[Dataset entries]
※ ※ ※
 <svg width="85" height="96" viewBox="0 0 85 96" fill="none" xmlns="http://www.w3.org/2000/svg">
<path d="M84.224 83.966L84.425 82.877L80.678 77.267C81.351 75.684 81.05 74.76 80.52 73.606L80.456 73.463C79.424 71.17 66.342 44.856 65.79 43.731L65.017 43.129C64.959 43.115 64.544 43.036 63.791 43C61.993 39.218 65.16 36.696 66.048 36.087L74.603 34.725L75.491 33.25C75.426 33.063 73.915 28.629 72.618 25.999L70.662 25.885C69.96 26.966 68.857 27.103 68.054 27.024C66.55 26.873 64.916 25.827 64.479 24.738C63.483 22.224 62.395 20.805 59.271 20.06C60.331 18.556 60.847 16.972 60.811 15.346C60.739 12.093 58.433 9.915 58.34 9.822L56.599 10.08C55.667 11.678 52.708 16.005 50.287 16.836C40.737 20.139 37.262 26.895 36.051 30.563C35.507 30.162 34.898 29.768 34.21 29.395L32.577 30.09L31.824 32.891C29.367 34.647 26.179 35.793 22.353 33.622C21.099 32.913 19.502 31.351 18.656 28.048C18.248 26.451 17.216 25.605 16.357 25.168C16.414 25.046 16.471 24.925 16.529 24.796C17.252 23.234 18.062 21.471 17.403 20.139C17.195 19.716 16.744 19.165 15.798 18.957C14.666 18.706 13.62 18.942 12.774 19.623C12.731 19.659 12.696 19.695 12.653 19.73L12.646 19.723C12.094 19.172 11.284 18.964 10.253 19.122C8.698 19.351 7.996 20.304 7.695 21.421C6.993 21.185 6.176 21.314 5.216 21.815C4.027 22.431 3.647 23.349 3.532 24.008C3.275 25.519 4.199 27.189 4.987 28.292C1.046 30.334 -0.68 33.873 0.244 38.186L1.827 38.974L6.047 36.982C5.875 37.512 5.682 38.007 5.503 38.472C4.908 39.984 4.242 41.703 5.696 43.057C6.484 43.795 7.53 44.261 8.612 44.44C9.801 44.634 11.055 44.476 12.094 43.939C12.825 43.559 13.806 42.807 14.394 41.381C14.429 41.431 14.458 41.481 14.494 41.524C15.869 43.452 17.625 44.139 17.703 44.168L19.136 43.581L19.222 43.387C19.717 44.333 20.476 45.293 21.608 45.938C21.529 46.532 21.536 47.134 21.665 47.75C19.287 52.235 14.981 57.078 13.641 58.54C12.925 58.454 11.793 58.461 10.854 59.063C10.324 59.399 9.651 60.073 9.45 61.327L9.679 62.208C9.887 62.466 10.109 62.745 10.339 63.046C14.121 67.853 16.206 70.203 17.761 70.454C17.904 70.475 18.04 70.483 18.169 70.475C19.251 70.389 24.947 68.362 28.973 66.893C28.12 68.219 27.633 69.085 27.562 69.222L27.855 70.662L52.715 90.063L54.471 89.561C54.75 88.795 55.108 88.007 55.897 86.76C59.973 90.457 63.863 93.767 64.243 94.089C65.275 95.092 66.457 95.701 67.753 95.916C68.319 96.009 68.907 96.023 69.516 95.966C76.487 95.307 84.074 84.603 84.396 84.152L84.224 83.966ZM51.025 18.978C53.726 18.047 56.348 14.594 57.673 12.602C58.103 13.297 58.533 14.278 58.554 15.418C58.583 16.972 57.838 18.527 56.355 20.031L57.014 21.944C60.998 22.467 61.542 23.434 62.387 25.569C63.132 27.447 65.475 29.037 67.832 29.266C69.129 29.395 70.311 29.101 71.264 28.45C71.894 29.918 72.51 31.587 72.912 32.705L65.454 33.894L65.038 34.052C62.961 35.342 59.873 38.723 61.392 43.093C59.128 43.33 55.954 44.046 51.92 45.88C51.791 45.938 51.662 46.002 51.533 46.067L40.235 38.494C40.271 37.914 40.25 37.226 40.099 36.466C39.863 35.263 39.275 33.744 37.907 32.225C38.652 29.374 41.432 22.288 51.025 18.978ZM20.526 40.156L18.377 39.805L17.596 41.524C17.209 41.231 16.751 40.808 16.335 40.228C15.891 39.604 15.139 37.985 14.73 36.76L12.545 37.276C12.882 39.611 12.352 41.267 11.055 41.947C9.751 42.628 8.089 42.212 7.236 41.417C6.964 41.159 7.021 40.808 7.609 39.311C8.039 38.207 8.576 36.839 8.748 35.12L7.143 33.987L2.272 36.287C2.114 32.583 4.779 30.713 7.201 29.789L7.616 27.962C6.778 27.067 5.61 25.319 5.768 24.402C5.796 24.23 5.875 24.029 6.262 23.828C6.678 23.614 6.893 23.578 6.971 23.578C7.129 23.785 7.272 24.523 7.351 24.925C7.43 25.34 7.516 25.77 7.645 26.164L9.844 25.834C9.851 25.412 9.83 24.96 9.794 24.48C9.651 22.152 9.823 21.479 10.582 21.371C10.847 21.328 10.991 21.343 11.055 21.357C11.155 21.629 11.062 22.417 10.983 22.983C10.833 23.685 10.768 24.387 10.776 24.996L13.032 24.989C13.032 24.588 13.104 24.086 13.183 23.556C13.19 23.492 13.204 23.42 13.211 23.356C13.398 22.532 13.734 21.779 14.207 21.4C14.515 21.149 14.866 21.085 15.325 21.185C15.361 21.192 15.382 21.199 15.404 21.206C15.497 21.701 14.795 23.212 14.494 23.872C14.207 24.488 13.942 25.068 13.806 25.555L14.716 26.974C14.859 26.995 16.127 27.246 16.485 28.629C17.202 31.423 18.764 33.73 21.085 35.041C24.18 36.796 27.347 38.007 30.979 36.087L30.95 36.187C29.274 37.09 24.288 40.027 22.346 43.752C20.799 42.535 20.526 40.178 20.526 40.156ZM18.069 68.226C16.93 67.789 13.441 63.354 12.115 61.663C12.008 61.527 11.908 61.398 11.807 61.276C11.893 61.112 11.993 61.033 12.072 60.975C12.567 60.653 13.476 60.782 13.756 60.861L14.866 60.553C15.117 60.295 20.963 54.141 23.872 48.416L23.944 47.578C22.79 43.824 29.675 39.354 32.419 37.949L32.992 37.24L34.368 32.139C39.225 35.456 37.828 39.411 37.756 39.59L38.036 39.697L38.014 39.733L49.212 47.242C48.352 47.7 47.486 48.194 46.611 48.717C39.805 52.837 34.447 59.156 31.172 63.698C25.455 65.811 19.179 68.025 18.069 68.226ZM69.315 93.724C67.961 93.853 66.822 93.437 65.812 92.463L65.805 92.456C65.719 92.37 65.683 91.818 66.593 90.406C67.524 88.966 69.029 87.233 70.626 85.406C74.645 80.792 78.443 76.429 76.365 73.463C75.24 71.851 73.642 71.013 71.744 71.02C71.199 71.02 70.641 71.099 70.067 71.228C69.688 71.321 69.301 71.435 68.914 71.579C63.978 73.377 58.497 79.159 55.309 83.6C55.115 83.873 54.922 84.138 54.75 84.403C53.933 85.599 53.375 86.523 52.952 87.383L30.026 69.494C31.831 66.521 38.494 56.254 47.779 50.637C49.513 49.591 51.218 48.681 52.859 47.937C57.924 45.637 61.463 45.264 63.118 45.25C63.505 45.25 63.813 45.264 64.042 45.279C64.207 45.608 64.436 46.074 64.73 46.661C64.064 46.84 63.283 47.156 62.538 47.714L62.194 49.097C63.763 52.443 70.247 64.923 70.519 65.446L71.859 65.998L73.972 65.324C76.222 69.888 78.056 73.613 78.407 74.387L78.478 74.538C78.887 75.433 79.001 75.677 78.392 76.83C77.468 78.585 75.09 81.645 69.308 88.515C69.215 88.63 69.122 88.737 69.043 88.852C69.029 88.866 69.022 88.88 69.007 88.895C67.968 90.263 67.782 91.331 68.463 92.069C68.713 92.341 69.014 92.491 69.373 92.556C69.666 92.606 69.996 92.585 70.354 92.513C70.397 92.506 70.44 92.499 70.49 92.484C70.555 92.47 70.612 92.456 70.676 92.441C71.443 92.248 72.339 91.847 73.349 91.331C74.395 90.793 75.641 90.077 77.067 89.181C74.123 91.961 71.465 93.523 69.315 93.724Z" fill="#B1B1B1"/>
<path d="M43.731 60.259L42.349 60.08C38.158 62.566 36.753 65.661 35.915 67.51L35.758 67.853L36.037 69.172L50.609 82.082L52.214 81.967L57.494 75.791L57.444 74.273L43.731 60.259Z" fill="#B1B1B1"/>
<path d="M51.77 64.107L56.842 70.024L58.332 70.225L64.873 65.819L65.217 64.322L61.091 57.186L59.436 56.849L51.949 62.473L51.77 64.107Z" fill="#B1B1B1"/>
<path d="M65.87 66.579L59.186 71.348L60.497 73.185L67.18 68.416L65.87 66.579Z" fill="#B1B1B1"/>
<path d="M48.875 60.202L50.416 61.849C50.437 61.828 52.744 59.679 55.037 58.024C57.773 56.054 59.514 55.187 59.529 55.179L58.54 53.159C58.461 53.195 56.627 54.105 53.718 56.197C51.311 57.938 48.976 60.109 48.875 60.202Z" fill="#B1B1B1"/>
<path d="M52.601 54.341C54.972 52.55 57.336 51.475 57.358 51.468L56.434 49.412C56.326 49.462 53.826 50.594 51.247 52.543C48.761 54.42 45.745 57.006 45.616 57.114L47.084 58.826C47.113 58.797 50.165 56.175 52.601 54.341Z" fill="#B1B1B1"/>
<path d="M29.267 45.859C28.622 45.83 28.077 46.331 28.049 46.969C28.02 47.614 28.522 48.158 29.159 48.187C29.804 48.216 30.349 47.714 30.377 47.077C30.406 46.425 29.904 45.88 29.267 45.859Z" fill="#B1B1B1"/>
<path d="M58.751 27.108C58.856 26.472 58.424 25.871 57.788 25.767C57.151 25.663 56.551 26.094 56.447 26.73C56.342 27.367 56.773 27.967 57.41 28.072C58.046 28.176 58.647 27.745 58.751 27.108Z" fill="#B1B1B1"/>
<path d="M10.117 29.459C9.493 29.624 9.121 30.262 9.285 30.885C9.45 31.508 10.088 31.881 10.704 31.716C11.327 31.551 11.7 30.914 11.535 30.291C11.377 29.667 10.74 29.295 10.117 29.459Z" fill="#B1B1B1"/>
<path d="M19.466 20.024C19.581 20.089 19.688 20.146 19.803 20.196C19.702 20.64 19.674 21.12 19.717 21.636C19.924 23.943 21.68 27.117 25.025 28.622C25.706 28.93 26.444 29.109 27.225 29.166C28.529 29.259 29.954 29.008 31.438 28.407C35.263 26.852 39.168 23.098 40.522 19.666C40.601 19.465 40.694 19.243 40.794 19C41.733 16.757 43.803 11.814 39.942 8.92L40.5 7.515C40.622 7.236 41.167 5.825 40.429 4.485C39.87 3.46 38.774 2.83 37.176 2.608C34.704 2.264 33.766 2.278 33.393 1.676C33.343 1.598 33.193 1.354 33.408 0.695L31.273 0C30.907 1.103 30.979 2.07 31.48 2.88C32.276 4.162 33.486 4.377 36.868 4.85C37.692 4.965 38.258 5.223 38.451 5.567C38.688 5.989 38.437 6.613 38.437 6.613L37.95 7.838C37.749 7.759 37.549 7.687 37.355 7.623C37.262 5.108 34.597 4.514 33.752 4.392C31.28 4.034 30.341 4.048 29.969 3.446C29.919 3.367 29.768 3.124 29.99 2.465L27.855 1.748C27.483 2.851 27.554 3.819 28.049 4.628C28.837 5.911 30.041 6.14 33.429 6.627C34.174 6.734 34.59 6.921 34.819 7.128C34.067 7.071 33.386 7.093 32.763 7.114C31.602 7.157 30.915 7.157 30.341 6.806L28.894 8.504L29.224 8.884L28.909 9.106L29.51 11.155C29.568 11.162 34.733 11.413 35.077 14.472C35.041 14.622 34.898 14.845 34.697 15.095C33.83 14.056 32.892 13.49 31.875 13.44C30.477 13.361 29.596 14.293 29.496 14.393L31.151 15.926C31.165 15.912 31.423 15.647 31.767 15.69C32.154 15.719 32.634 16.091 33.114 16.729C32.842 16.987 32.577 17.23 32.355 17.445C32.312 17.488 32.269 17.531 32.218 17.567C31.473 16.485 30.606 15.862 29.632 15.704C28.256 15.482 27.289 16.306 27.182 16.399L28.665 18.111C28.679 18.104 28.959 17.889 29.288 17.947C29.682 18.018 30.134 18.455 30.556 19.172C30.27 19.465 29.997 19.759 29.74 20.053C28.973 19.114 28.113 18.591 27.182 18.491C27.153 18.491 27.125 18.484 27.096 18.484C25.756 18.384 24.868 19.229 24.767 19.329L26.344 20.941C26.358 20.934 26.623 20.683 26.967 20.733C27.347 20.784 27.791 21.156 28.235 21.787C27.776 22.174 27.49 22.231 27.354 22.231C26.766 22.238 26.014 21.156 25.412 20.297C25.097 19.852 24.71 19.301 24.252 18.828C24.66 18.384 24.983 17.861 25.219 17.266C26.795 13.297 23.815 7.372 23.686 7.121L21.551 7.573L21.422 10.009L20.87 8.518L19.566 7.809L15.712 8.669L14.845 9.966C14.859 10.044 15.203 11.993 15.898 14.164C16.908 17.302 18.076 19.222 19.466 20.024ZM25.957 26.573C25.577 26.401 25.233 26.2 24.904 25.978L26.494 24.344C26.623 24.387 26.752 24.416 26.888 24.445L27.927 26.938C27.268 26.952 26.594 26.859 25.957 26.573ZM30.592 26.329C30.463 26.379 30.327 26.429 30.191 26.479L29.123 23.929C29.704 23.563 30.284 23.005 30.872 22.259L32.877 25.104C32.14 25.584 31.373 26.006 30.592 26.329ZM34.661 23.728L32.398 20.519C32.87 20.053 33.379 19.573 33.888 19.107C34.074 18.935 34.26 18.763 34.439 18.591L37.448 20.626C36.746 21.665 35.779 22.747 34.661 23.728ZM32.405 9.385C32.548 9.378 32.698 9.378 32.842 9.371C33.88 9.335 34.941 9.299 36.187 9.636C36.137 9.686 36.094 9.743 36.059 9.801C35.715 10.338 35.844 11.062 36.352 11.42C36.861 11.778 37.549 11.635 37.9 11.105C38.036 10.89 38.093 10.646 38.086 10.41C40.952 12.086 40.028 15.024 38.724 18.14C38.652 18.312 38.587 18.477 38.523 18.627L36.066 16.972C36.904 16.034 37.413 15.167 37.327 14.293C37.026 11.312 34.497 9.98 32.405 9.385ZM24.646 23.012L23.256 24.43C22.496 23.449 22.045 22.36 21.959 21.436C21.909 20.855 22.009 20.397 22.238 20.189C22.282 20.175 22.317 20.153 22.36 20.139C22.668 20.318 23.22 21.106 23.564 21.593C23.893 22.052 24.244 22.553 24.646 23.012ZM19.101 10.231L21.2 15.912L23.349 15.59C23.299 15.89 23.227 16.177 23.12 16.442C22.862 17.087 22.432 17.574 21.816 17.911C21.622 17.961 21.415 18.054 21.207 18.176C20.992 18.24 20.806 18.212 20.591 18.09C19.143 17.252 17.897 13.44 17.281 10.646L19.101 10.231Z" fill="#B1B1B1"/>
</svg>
※ ※ ※
Problem details
Among the lines above, repeat exactly those from the line with "60.202L50.416 61.849C50.437 61.828" to the line with "54.341C54.972 52.55 57.336", counting both ends.

Expected answer
<path d="M48.875 60.202L50.416 61.849C50.437 61.828 52.744 59.679 55.037 58.024C57.773 56.054 59.514 55.187 59.529 55.179L58.54 53.159C58.461 53.195 56.627 54.105 53.718 56.197C51.311 57.938 48.976 60.109 48.875 60.202Z" fill="#B1B1B1"/>
<path d="M52.601 54.341C54.972 52.55 57.336 51.475 57.358 51.468L56.434 49.412C56.326 49.462 53.826 50.594 51.247 52.543C48.761 54.42 45.745 57.006 45.616 57.114L47.084 58.826C47.113 58.797 50.165 56.175 52.601 54.341Z" fill="#B1B1B1"/>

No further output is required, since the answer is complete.